*** Material provided Section Begins ***

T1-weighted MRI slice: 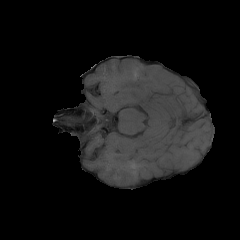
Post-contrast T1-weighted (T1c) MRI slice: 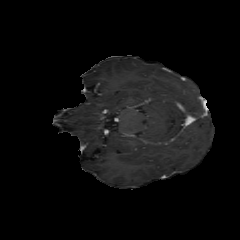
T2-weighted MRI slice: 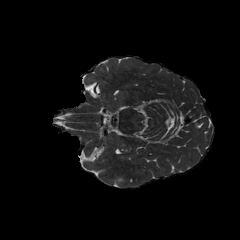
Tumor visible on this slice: no
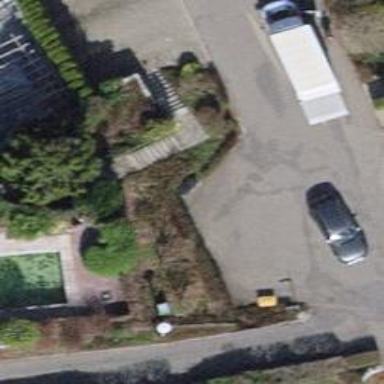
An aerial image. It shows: Set of steps on the road.
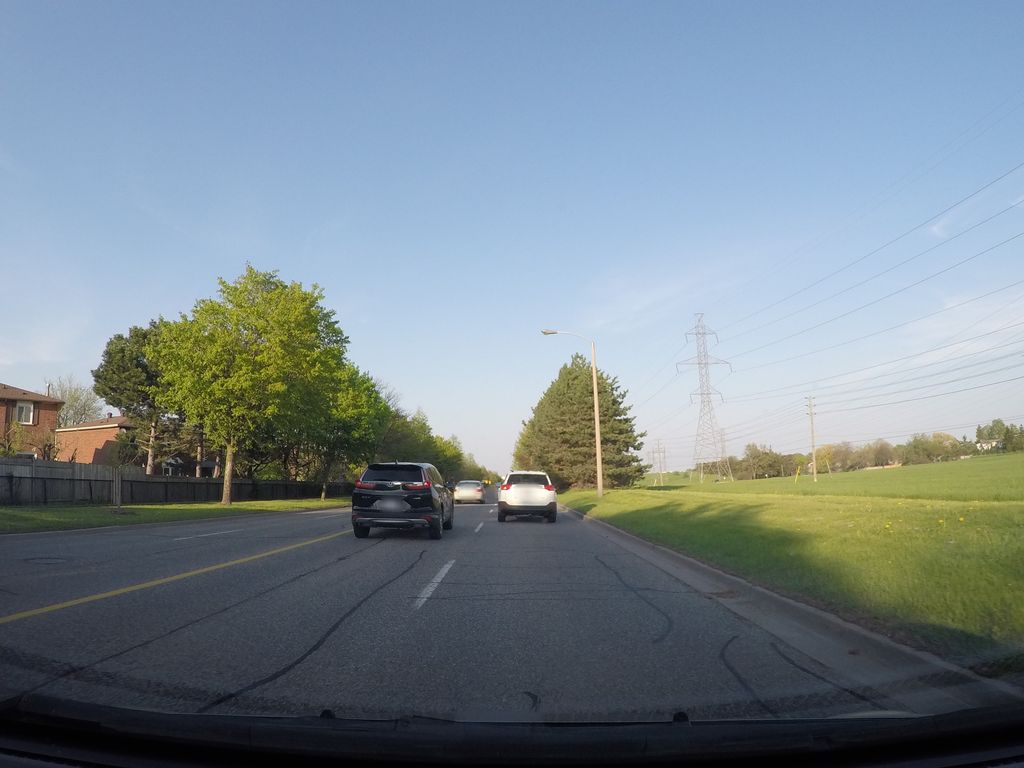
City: toronto
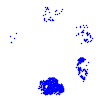
Particle: proton
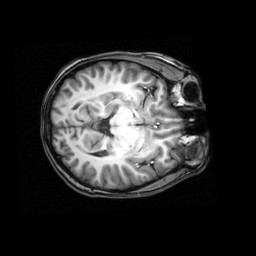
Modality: T1w
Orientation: axial
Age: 27
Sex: female
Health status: healthy
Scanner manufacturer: philips
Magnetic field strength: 3 T
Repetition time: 0.008 s
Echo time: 0.0037 s
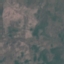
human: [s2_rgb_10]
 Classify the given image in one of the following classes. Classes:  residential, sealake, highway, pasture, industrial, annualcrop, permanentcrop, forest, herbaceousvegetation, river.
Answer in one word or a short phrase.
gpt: HerbaceousVegetation
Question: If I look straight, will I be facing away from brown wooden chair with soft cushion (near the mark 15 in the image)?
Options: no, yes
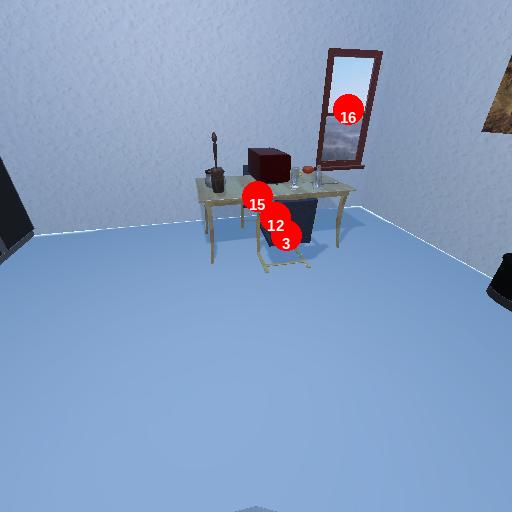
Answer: no

*** Material provided Section Ends ***

#### Task prompt:
Exact copy, no pictures: return the entries word for word.

#### Task response:
T1-weighted MRI slice: 
Post-contrast T1-weighted (T1c) MRI slice: 
T2-weighted MRI slice: 
Tumor visible on this slice: no
An aerial image. It shows: Set of steps on the road.
City: toronto
Particle: proton
Modality: T1w
Orientation: axial
Age: 27
Sex: female
Health status: healthy
Scanner manufacturer: philips
Magnetic field strength: 3 T
Repetition time: 0.008 s
Echo time: 0.0037 s
human: [s2_rgb_10]
 Classify the given image in one of the following classes. Classes:  residential, sealake, highway, pasture, industrial, annualcrop, permanentcrop, forest, herbaceousvegetation, river.
Answer in one word or a short phrase.
gpt: HerbaceousVegetation
Question: If I look straight, will I be facing away from brown wooden chair with soft cushion (near the mark 15 in the image)?
Options: no, yes
Answer: no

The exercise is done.